● **Extracted records**
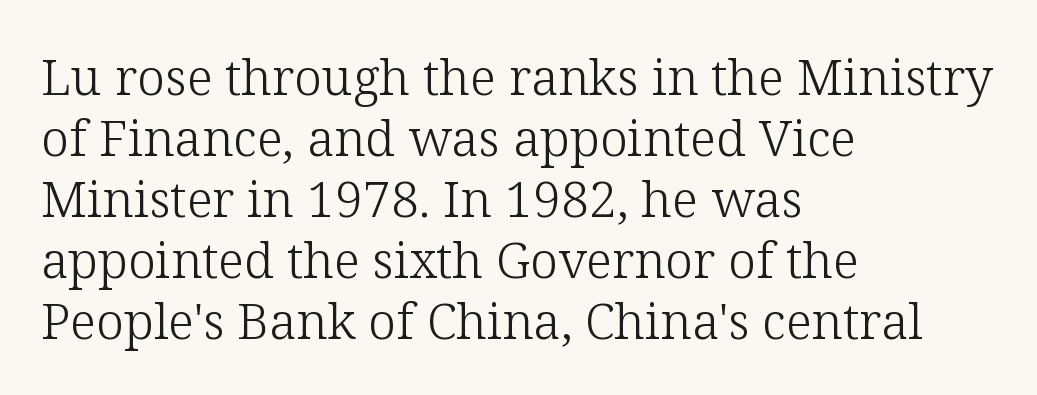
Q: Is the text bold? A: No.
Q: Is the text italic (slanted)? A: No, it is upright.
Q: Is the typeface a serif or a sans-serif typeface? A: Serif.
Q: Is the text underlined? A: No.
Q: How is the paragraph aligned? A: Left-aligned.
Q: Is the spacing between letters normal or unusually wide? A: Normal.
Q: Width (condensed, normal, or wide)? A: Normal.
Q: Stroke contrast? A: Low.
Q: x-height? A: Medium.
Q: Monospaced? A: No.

● **ACTION ITEM**
Output the data above exactly, excluding images.

● **RESPONSE TO THE TASK**
Q: Is the text bold? A: No.
Q: Is the text italic (slanted)? A: No, it is upright.
Q: Is the typeface a serif or a sans-serif typeface? A: Serif.
Q: Is the text underlined? A: No.
Q: How is the paragraph aligned? A: Left-aligned.
Q: Is the spacing between letters normal or unusually wide? A: Normal.
Q: Width (condensed, normal, or wide)? A: Normal.
Q: Stroke contrast? A: Low.
Q: x-height? A: Medium.
Q: Monospaced? A: No.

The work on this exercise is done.